Source apportionment of PM2.5 during haze episodes in Shanghai by the PMF model with PAHs

2022 
Abstract Positive matrix factorization (PMF) is a commonly used receptor model for PM2.5 source apportionment, relying on tracers to identify emission sources. Adding organic tracers such as polycyclic aromatic hydrocarbons (PAHs) to PMF model could enhance the performance of constraining emission sources. In this study, the PMF with PAHs was applied to 112 PM2.5 samples, including full-year and haze episodes during 2015–2016 in Shanghai. Compared to the original PMF, the PMF with PAHs newly identified the industry source and revised of the contributions of biomass burning and coal combustion. The PMF with PAHs were used to reconstruct the source apportionment of PM2.5 in four winter haze episodes. Taking the first two haze episodes (defined as P1and P2) as examples of frequent air mass changes, the P1 accumulation stage was successively affected by local and northwest sources. Vehicle (35.3%) and secondary particles (25.7%) were the primary contributors to PM2.5, due to local accumulation. Industry sources obtained a 25.9% increment under the effect from the northwest sources. P2 was successively controlled by the southwest and northwest sources from the clean stage to the dissipation stage. Significantly increased contributions of biomass burning and industry sources to PM2.5 were observed.

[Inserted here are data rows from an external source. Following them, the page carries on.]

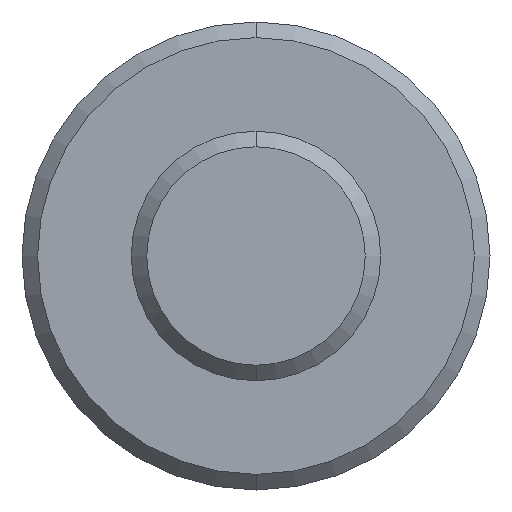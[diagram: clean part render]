
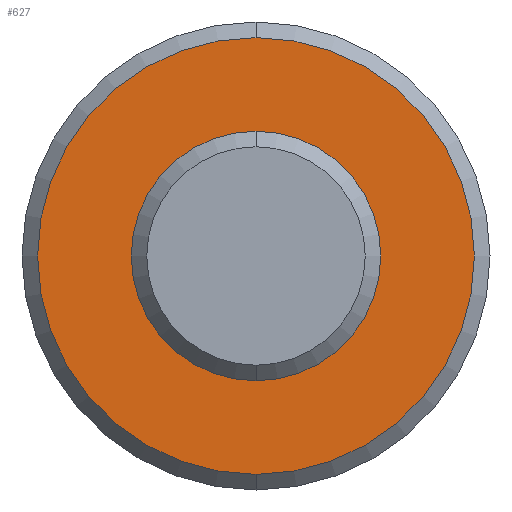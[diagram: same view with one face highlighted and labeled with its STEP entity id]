
A CAD part, front view. The second image highlights one B-rep face of the part: STEP entity #627.
In plain terms, the highlighted planar face has unit normal (0, -1, 0).
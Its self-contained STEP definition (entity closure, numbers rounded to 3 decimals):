
#22 = FACE_OUTER_BOUND ( 'NONE', #220, .T. ) ;
#24 = FACE_BOUND ( 'NONE', #193, .T. ) ;
#25 = PLANE ( 'NONE',  #735 ) ;
#26 = CARTESIAN_POINT ( 'NONE',  ( 1.5, 1.65, 0. ) ) ;
#28 = DIRECTION ( 'NONE',  ( 0., 1., 0. ) ) ;
#30 = DIRECTION ( 'NONE',  ( 0., 0., 1. ) ) ;
#40 = CARTESIAN_POINT ( 'NONE',  ( 0., 1.65, 0. ) ) ;
#52 = DIRECTION ( 'NONE',  ( 0., 0., 1. ) ) ;
#60 = DIRECTION ( 'NONE',  ( 0., 1., 0. ) ) ;
#193 = EDGE_LOOP ( 'NONE', ( #284, #292 ) ) ;
#219 = VERTEX_POINT ( 'NONE', #297 ) ;
#220 = EDGE_LOOP ( 'NONE', ( #324, #310 ) ) ;
#229 = VERTEX_POINT ( 'NONE', #364 ) ;
#231 = VERTEX_POINT ( 'NONE', #336 ) ;
#237 = VERTEX_POINT ( 'NONE', #341 ) ;
#284 = ORIENTED_EDGE ( 'NONE', *, *, #633, .T. ) ;
#292 = ORIENTED_EDGE ( 'NONE', *, *, #617, .T. ) ;
#297 = CARTESIAN_POINT ( 'NONE',  ( 0., 1.65, -1.4 ) ) ;
#310 = ORIENTED_EDGE ( 'NONE', *, *, #619, .T. ) ;
#324 = ORIENTED_EDGE ( 'NONE', *, *, #592, .T. ) ;
#336 = CARTESIAN_POINT ( 'NONE',  ( 0., 1.65, -0.55 ) ) ;
#341 = CARTESIAN_POINT ( 'NONE',  ( 0., 1.65, 0.55 ) ) ;
#364 = CARTESIAN_POINT ( 'NONE',  ( 0., 1.65, 1.4 ) ) ;
#422 = CARTESIAN_POINT ( 'NONE',  ( 0., 1.65, 0. ) ) ;
#443 = DIRECTION ( 'NONE',  ( 0., 0., 1. ) ) ;
#447 = DIRECTION ( 'NONE',  ( 0., -1., 0. ) ) ;
#493 = DIRECTION ( 'NONE',  ( 0., 0., 1. ) ) ;
#497 = DIRECTION ( 'NONE',  ( 0., 1., 0. ) ) ;
#506 = DIRECTION ( 'NONE',  ( 0., 0., 1. ) ) ;
#510 = DIRECTION ( 'NONE',  ( 0., -1., 0. ) ) ;
#525 = CARTESIAN_POINT ( 'NONE',  ( 0., 1.65, 0. ) ) ;
#533 = CARTESIAN_POINT ( 'NONE',  ( 0., 1.65, 0. ) ) ;
#592 = EDGE_CURVE ( 'NONE', #229, #219, #696, .T. ) ;
#617 = EDGE_CURVE ( 'NONE', #231, #237, #697, .T. ) ;
#619 = EDGE_CURVE ( 'NONE', #219, #229, #700, .T. ) ;
#627 = ADVANCED_FACE ( 'NONE', ( #22, #24 ), #25, .F. ) ;
#633 = EDGE_CURVE ( 'NONE', #237, #231, #657, .T. ) ;
#657 = CIRCLE ( 'NONE', #744, 0.55 ) ;
#661 = AXIS2_PLACEMENT_3D ( 'NONE', #422, #447, #443 ) ;
#696 = CIRCLE ( 'NONE', #661, 1.4 ) ;
#697 = CIRCLE ( 'NONE', #702, 0.55 ) ;
#698 = AXIS2_PLACEMENT_3D ( 'NONE', #533, #510, #506 ) ;
#700 = CIRCLE ( 'NONE', #698, 1.4 ) ;
#702 = AXIS2_PLACEMENT_3D ( 'NONE', #525, #497, #493 ) ;
#735 = AXIS2_PLACEMENT_3D ( 'NONE', #26, #28, #30 ) ;
#744 = AXIS2_PLACEMENT_3D ( 'NONE', #40, #60, #52 ) ;

Compared to other episodes, the P2 accumulation stage had the highest coal-combustion proportion (5.6%) under the influence of the northwest sources from Shaanxi, Shanxi, and Henan. Moreover, the toxicities of different emission sources were evaluated based on PAHs and BaPeq. Coal combustion, biomass burning, and vehicle sources were the three major contributors, especially coal combustion, contributing 17.1–66.8% to PAHs and 22.6–66.4% to BaPeq but less than 5.6% to PM2.5. We believe that these results will help policymakers by providing insights into the reduction in emission sources for regulation in urban environments and the mitigation of health risks.